RBZWB 300419 uurtarief in verband met intensieve zorg die door de partner van de benadeelde wordt gegeven € 30,00
- verzocht 24,1 uur, toegewezen 10 uur x € 225,00 + 5%

Het verzoek

2.1.
[verzoeker] verzoekt de rechtbank, na wijziging van het verzoek, om voor recht te verklaren dat hij jegens [verweerster] recht heeft op een vergoeding van € 30,00 per uur voor de met de stoma gerelateerde zorg tot een gezamenlijk door partijen dan wel bij latere onherroepelijke rechterlijke uitspraak te bepalen datum in de toekomst. Het voorlopige karakter van het verzoek heeft [verzoeker] aldus toegelicht dat partijen op die manier nog wel een modus behouden om zo nodig tot een aanpassing te kunnen komen, mede gezien de te verwachten duur van de toekomstige zorg. Daarnaast verzoekt [verzoeker] de kosten van het deelgeschil te begroten.

2.2.
[verweerster] concludeert tot afwijzing van het verzoek.

De beoordeling

3.1.
De rechtbank gaat uit van de volgende feiten:

Op 26 juni 2009 is [verzoeker] (geboren op 27 juli 1984) met een mes in de borstkas gestoken, in verband waarmee hij is behandeld in het Admiraal de Ruyter ziekenhuis in Vlissingen en vervolgens in het door [verweerster] geëxploiteerde ziekenhuis in Rotterdam. Tijdens de behandeling in Rotterdam is (kennelijk) als gevolg van het inbrengen van een Flexi-Seal (systeem voor de opvang van ontlasting) een perforatie van de darm ontstaan, als gevolg waarvan er een buikvliesontsteking is gevolgd en er blijvend een (ileo)stoma diende te worden aangebracht.

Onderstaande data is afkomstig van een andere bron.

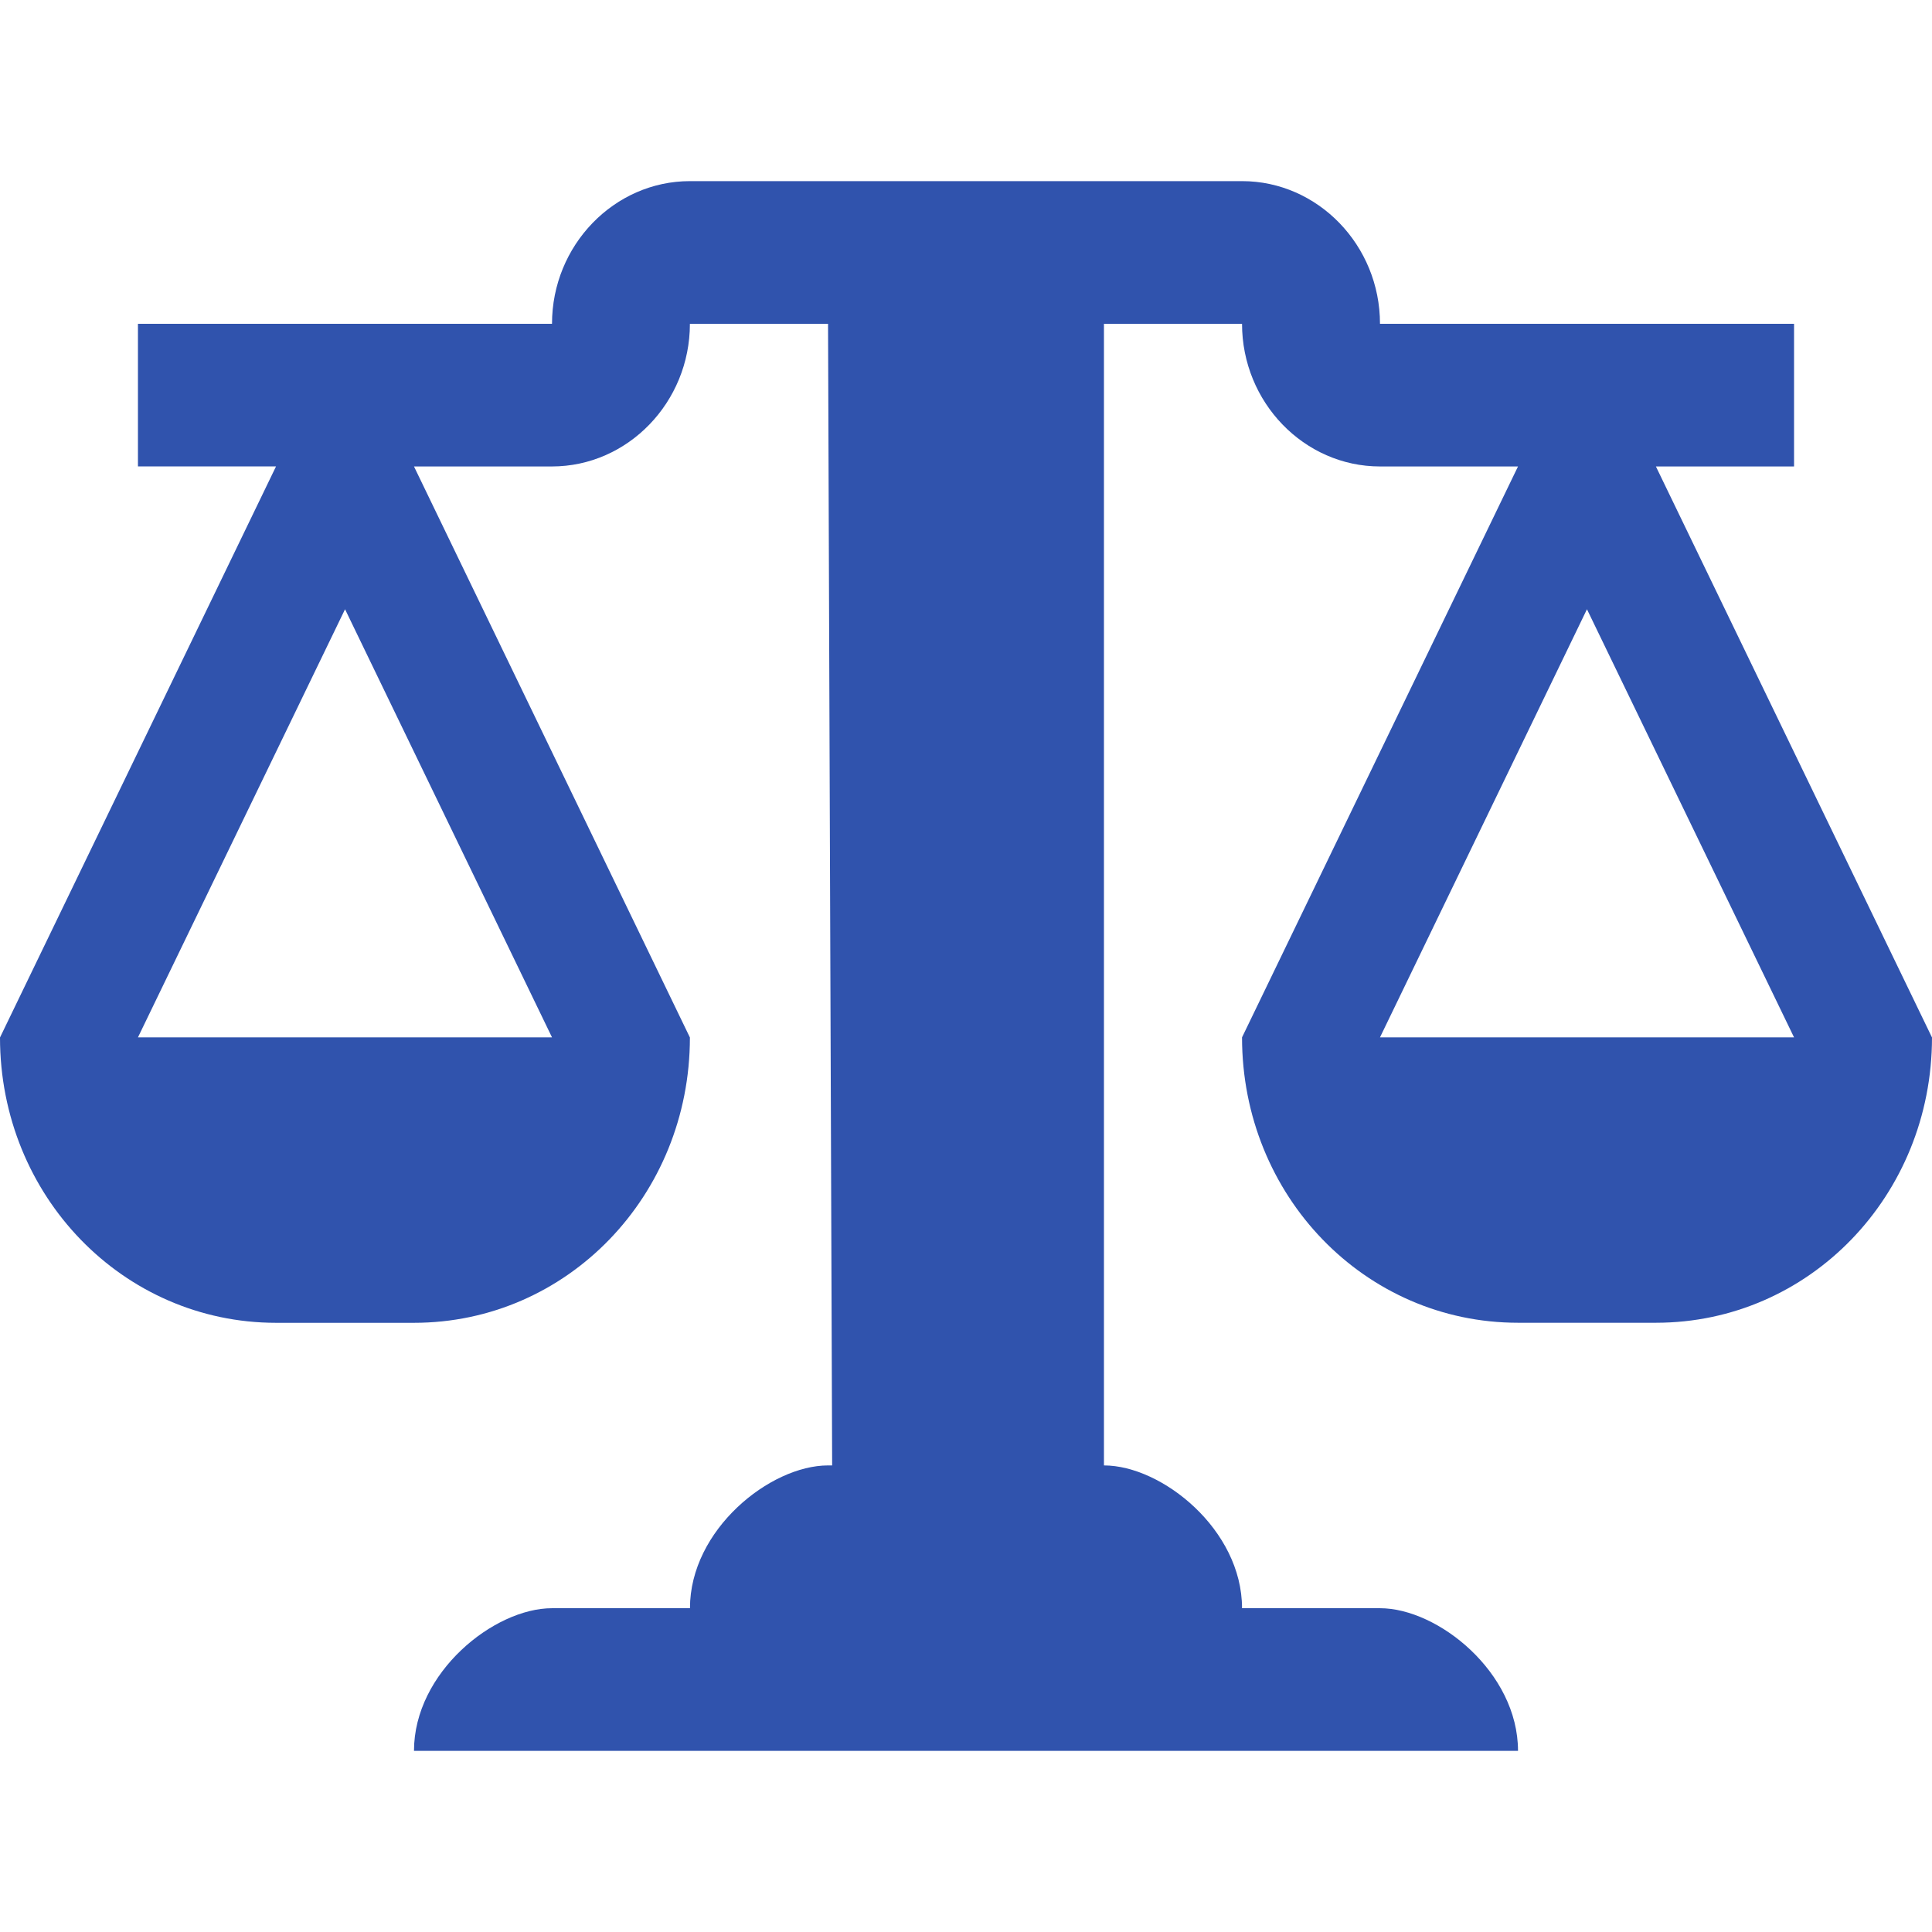 <svg width="32" height="32" viewBox="0 0 32 32" fill="none" xmlns="http://www.w3.org/2000/svg">
<path fill-rule="evenodd" clip-rule="evenodd" d="M32 17.182C32 19.805 29.965 21.909 27.428 21.909H25.143C22.605 21.909 20.572 19.805 20.572 17.182L25.143 7.726H22.857C21.6 7.726 20.572 6.663 20.572 5.363H18.285V24.272C19.245 24.272 20.572 25.336 20.572 26.637H22.857C23.817 26.637 25.143 27.7 25.143 29H6.857C6.857 27.7 8.183 26.637 9.143 26.637H11.428C11.428 25.336 12.755 24.272 13.715 24.272H13.783L13.715 5.363H11.427C11.427 6.663 10.399 7.726 9.141 7.726H6.857L11.427 17.184C11.427 19.806 9.393 21.91 6.856 21.91H4.572C2.035 21.909 0 19.805 0 17.184L4.572 7.725H2.285V5.363H9.143C9.143 4.063 10.172 3 11.428 3H20.572C21.828 3 22.857 4.063 22.857 5.363H29.715V7.726H27.427L32 17.184V17.182ZM5.715 10.091L2.285 17.182H9.143L5.715 10.091ZM29.715 17.182L26.285 10.091L22.857 17.182H29.715Z" fill="#3053AD"/>
</svg>

Op 19 mei 2014 heeft prof. dr. J.G. van der Hoeven, als hoofd van de Intensive Care afdeling verbonden aan het Radboud UMC te Nijmegen, als deskundige een rapport uitgebracht over – kort gezegd – de juistheid van de medische behandeling in Rotterdam. In het rapport is vermeld dat de behandelaars de darmperforatie eerder hadden moeten ontdekken.

[verweerster] heeft naar aanleiding van het rapport erkend aansprakelijk te zijn voor de gevolgen van de in het ziekenhuis gemaakte fout voor zover die “de problemen met de buik” betreffen.

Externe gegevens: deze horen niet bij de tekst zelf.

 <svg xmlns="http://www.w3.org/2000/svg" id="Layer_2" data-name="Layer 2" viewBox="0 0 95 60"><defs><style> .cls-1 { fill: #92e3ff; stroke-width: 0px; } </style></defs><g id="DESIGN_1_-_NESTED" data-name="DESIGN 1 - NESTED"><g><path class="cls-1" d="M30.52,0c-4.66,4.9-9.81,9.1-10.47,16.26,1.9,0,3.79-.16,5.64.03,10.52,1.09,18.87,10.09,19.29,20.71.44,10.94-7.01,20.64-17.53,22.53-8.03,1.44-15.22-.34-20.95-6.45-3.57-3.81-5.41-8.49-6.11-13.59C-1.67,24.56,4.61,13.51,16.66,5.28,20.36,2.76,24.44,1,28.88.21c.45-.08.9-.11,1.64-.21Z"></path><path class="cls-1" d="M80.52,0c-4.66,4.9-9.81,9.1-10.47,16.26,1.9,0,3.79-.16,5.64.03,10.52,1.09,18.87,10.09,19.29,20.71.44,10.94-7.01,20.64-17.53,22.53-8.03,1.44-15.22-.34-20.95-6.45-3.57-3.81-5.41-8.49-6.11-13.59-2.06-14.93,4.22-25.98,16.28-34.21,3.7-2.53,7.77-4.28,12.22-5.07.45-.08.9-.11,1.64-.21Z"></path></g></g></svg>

[verzoeker] woont zelfstandig. De zorg en hulp die [verzoeker] in verband met zijn gezondheidssituatie nodig heeft, worden verstrekt door [partner verzoeker] , zijn partner en de moeder van zijn kinderen (in 2018 3 en 12 jaar oud). [partner verzoeker] en de kinderen wonen niet bij [verzoeker] in huis.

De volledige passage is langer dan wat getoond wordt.